Wobewt found Eugene near the campfire, chewing on a strip of moss jerky and watching the faint glimmers of lanternflies drift up the stone walls. The cavern above them was so vast that it disappeared into blackness, and the pillar they stood on—a narrow mesa surrounded by deep chasms—felt like the last safe place left in a world built from someone else's dreams.
"You'we thinking about weaving," Wobewt said, not asking.
Eugene nodded. "I don’t want to stay stuck down here forever."
The centaur lowered himself to sit, his hooves clinking lightly against the stone. "Then you’ww need the pixies. They’we the onwy ones who move fweely between wevews. They wun twade, gossip, wumows. And if thewe’s an exit—any exit—they’ve sniffed it."
Eugene looked skeptical. "Pixies? Like little winged fairies?"
Wobewt let out a sound that might have been a laugh. "No. They’we oldew than stowies and stwangew than you’we weady fow. But clevew. Too clevew. Don’t wie to them. They’ww know."
He glanced up toward the shadowy edges of the cavern, then added, more quietly, "And don’t speak the name She-Who-Wasn’t unwess you want to be noticed."
Eugene blinked. "Who?"
"Just don’t. She wistens in cownews."
Navigating the maze beyond the centaur camp was like walking through someone else's nervous system. The passageways extended outward like branching nerves, twitching with unseen contractions. Corners blinked open and shut, and entire hallways seemed to change when Eugene wasn’t looking. More than once he had to backtrack after finding himself looped into rooms that felt like old lungs—domed chambers full of stale air and dangling cords of light that pulsed like veins.
It took hours, or what felt like hours. Time moved oddly in Syzzyzzy, like it was being chewed and re-swallowed. But eventually, Eugene followed a series of faint chimes and trills to a narrow archway, its stone covered in spiral glyphs that shimmered with insect-wing colors.

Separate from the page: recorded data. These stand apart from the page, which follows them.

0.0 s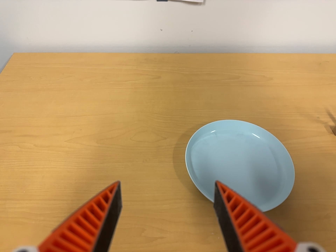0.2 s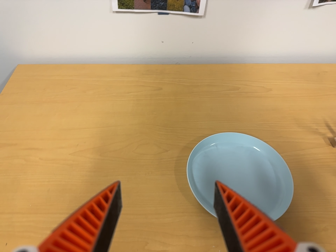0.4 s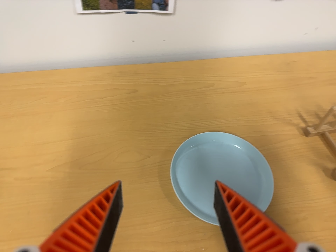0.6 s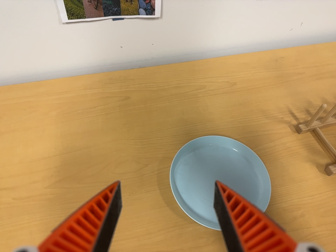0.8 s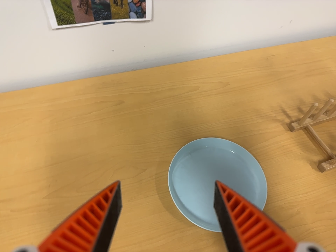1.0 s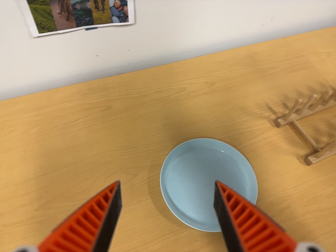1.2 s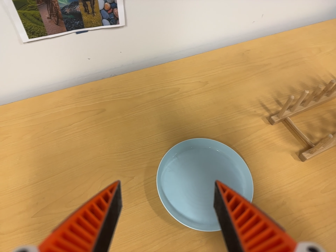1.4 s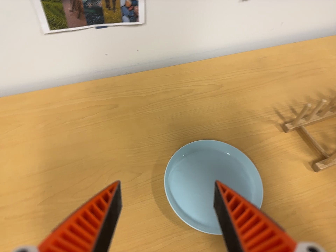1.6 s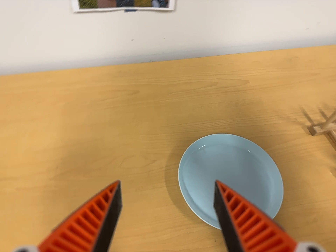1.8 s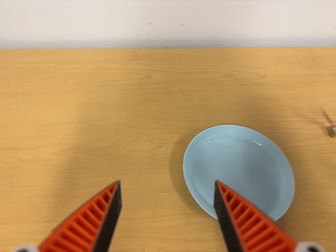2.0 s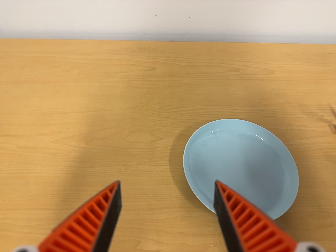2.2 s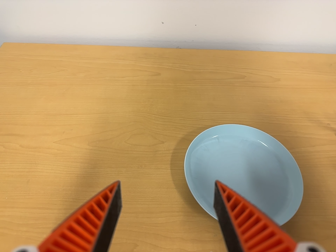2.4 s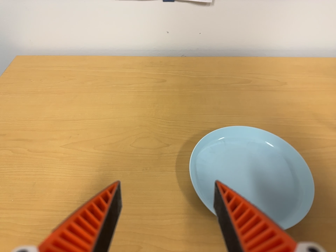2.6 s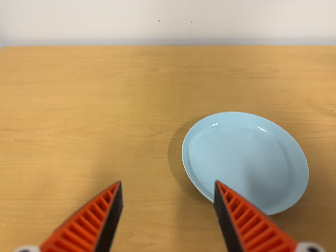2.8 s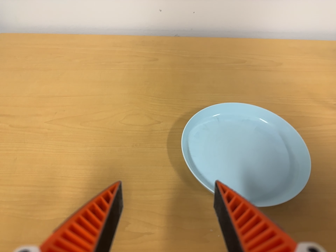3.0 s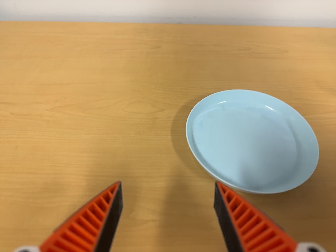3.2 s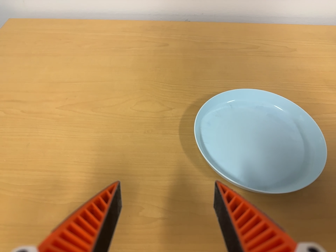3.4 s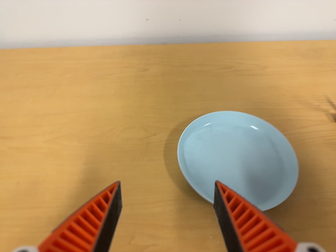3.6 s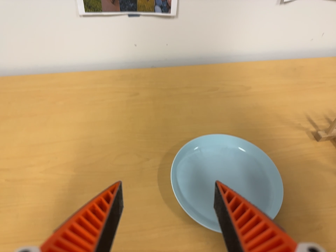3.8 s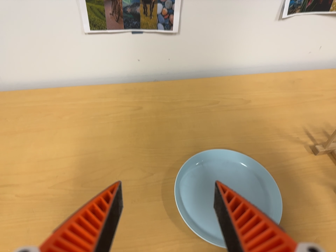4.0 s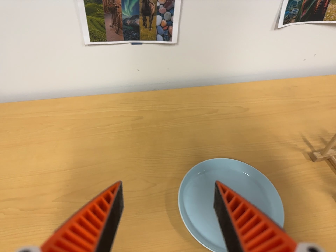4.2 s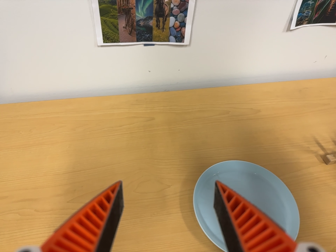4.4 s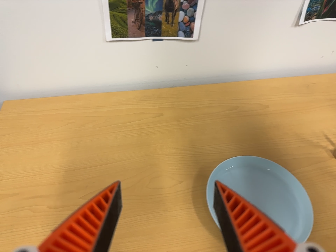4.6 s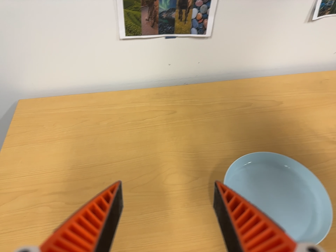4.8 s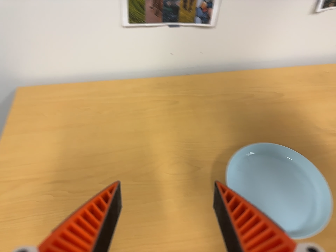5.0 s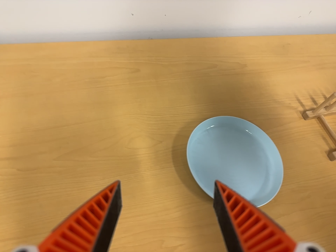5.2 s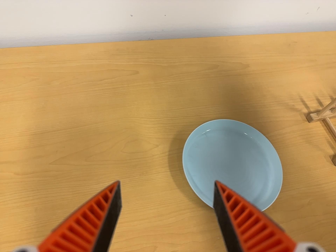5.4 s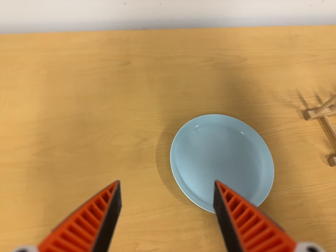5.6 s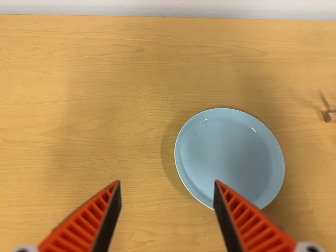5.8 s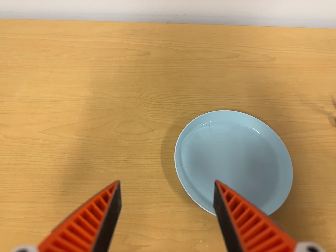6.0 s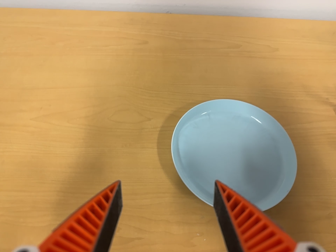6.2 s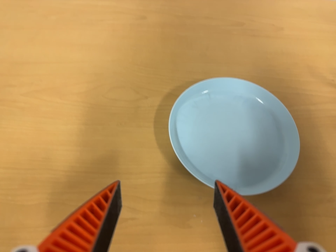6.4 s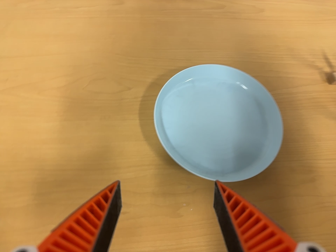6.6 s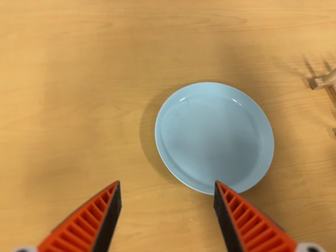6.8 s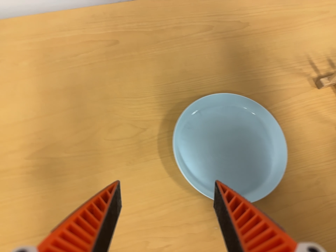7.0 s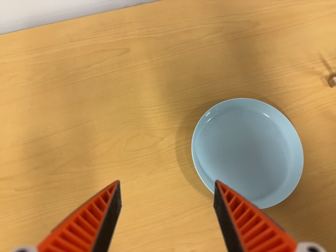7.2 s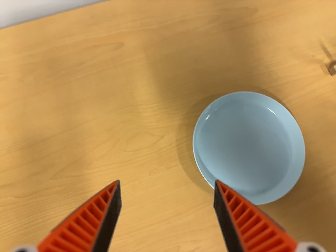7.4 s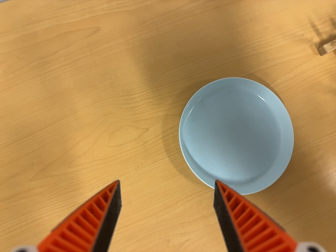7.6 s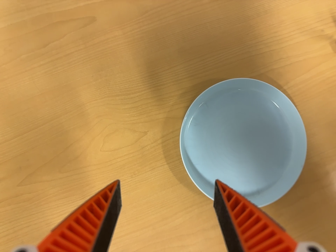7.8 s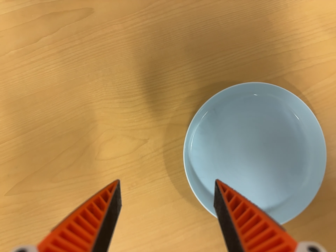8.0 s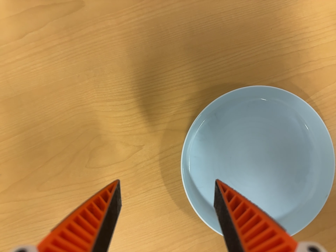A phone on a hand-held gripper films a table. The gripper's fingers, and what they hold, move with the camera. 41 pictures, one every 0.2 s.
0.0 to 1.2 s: The camera pans to its right by about 15 degrees. It travels toward the top of its view, about 12 cm. It rolls about its line of sight by about 15 degrees, and the scene rotates counterclockwise.
1.2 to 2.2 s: The scene slides to the right, as the camera pans about 10 degrees to its left. It travels toward the bottom of its view and forward, about 12 cm. It rolls about its line of sight by about 20 degrees, and the scene rotates clockwise.
2.2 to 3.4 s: The camera shifts only a little, or ends up much as it began.
3.4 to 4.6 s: The camera travels to its left, toward the top of its view and backward, about 14 cm, so close, fixed things drift to the right.
4.6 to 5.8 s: The camera travels to its right and forward, about 10 cm, so close, fixed things drift to the left. Its aim tips toward the bottom of its view by about 10 degrees, and the scene shifts upward. It rolls about its line of sight by about 10 degrees, and the scene rotates clockwise.
5.8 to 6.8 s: The camera travels toward the top of its view, about 6 cm. Its aim tips toward the bottom of its view by about 10 degrees. It rolls about its line of sight by about 10 degrees, and the scene rotates counterclockwise.
6.8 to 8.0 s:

Beyond it, the world shifted again.
The pixie zone wasn’t a camp, and it wasn’t a village. It was a bazaar stretched across fractured stone, like someone had tried to build a marketplace in the ribs of a giant. Tiny stalls were carved into walls or hung from ropes. Lanterns made of carved seed husks swung on threads. The air buzzed with the sound of chattering, clicking, and something like flute music.
And the pixies—
They were not what Eugene expected.
They had wings, yes, but not soft or delicate. Their wings shimmered like oil on water, segmented and sharp-edged. Their bodies were insectile: six-limbed, jointed, and brightly colored in patterns that suggested armor rather than whimsy. Their eyes were multifaceted, and they moved in quick bursts, like dancers halfway through a fight.
One stepped forward. Her antennae flicked. "You are not centaur."
"No," Eugene said carefully. "I’m looking for a way out. They said you might know something."
The pixies around her murmured and shifted. Some took notes. Others tilted their heads. One sniffed.
"Tell us the story," she said. Not a demand—an invitation. But sharp as a blade.
So Eugene did. He told them about Krungus, about Earth, about the battle, about falling through space into Syzzyzzy. About wanting to find his way forward, or upward, or just out.
When he finished, they conferred in a sudden burst of rapid clicks and trills. He couldn't follow any of it.
The lead pixie returned.
"We’ll think on it," she said. "We’re not a shelter. And help comes at a cost. Even the truth has weight."
She turned.
None of them invited him in.
Eugene stood there awkwardly, unsure whether he was supposed to leave or wait. The pixies had already dispersed into their chatter and bustle, ignoring him completely. So he stayed—leaning against a chunk of broken stone near the archway, watching the flicker of seed-lanterns and the jittery flight of the insectile people as they bartered and hummed and vanished behind woven drapes.
Time passed. Then more of it. It felt like hours, then like a day. He had no way of knowing for sure—Syzzyzzy had no clocks, only rhythm, and rhythm here was offbeat and recursive.
Eventually, Eugene sat cross-legged and let out a sigh. "Okay," he muttered, pulling Cozimia's lantern closer. "Thoughts?"
Cozimia pulsed gently, her form emerging inside the glass—soft, round, with her familiar warm-eyed glow.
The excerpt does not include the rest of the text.